## EXERCISE PROMPT
Could you please output all of the data exactly, without the images?

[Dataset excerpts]

┏━━

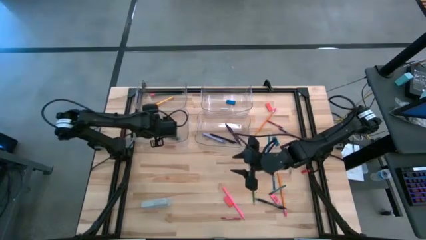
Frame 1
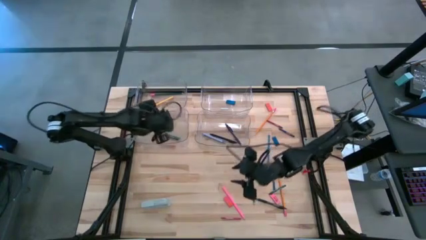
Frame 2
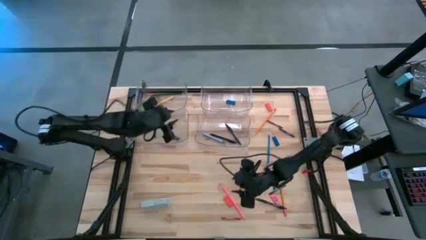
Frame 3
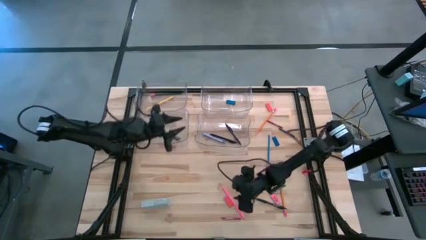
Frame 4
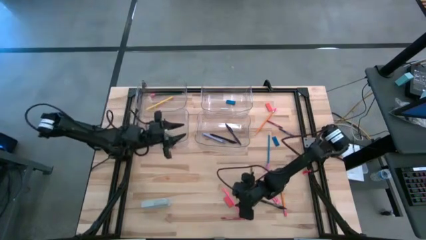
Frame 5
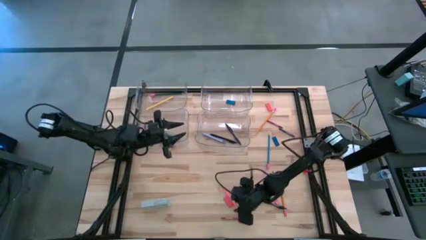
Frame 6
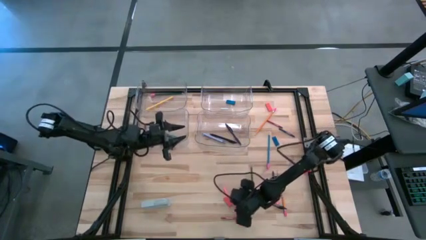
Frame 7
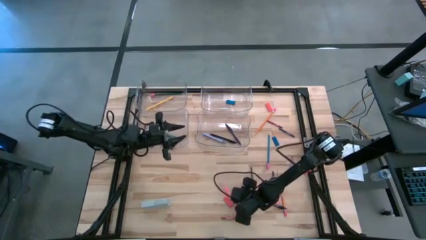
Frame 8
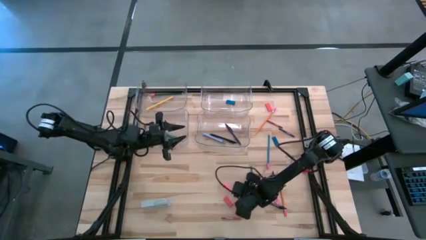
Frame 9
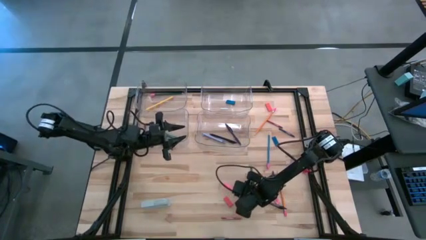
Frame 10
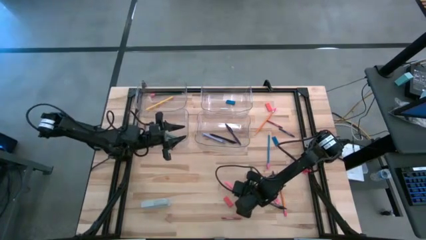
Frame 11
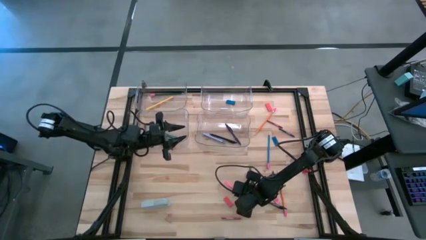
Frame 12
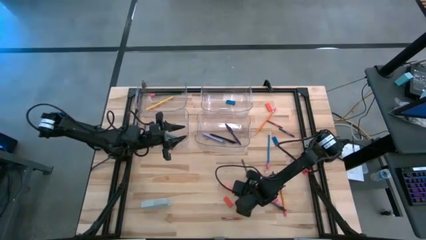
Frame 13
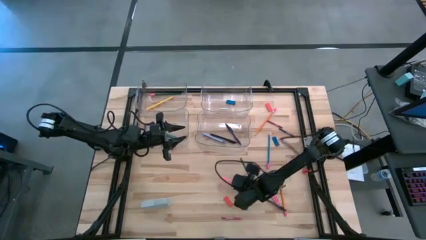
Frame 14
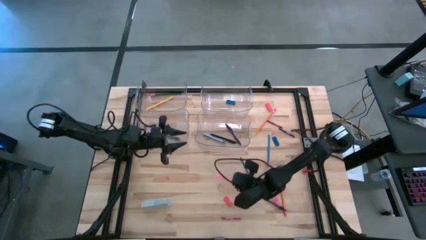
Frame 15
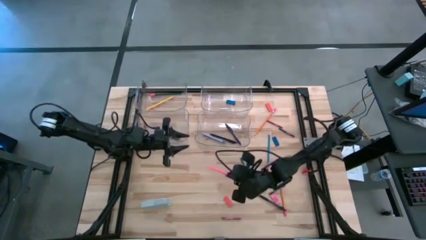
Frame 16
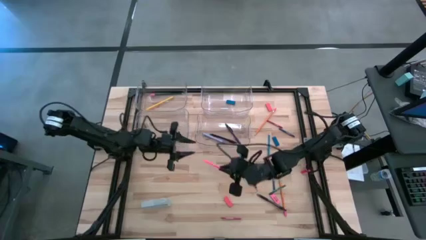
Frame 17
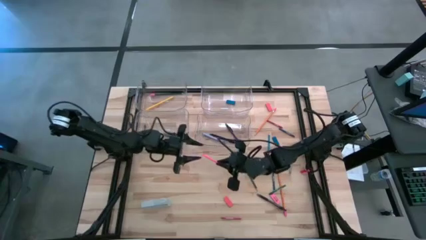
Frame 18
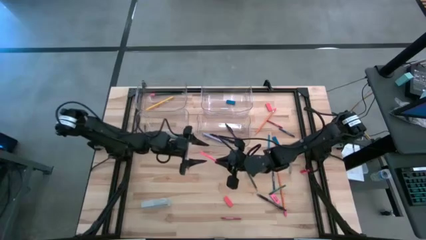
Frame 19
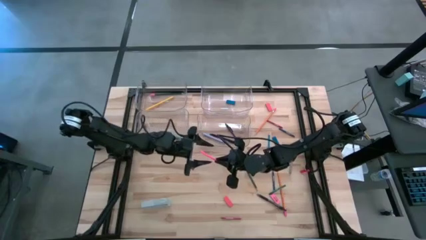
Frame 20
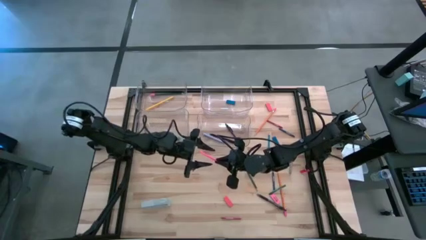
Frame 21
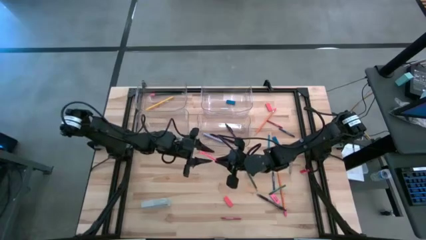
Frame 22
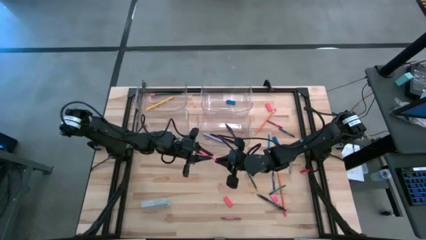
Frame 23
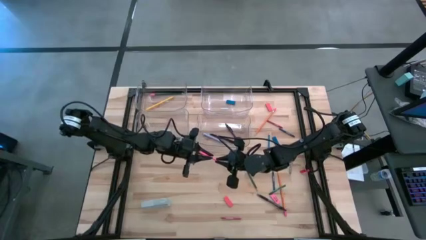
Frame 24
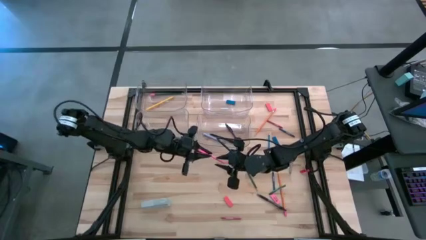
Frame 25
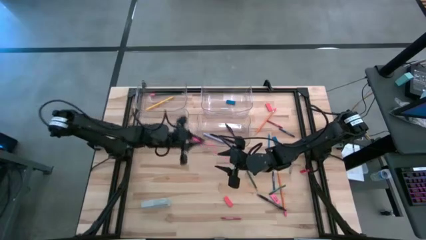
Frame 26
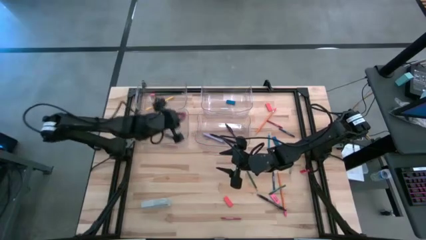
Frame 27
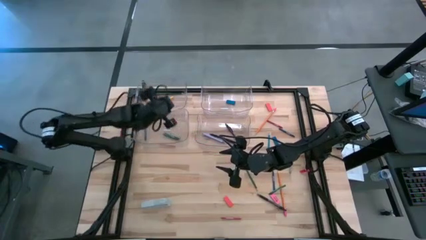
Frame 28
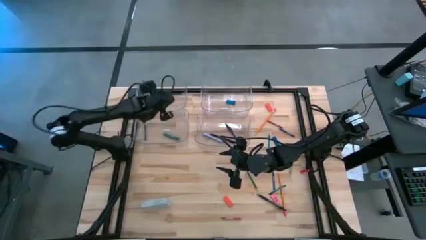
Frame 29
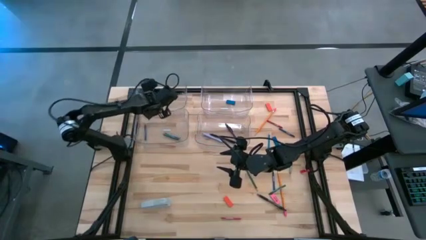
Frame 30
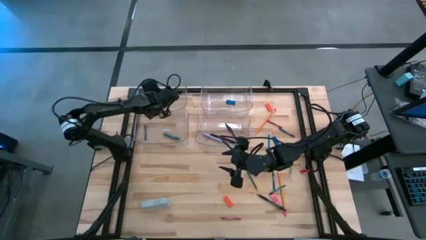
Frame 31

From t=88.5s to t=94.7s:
Task: Sort crayons/erasers/pens/pencils in bins
Put the pink pencil into the top left transparent bin

┗━━

## SOLUTION FOR THIS TASK
Frame 1
Frame 2
Frame 3
Frame 4
Frame 5
Frame 6
Frame 7
Frame 8
Frame 9
Frame 10
Frame 11
Frame 12
Frame 13
Frame 14
Frame 15
Frame 16
Frame 17
Frame 18
Frame 19
Frame 20
Frame 21
Frame 22
Frame 23
Frame 24
Frame 25
Frame 26
Frame 27
Frame 28
Frame 29
Frame 30
Frame 31

From t=88.5s to t=94.7s:
Task: Sort crayons/erasers/pens/pencils in bins
Put the pink pencil into the top left transparent bin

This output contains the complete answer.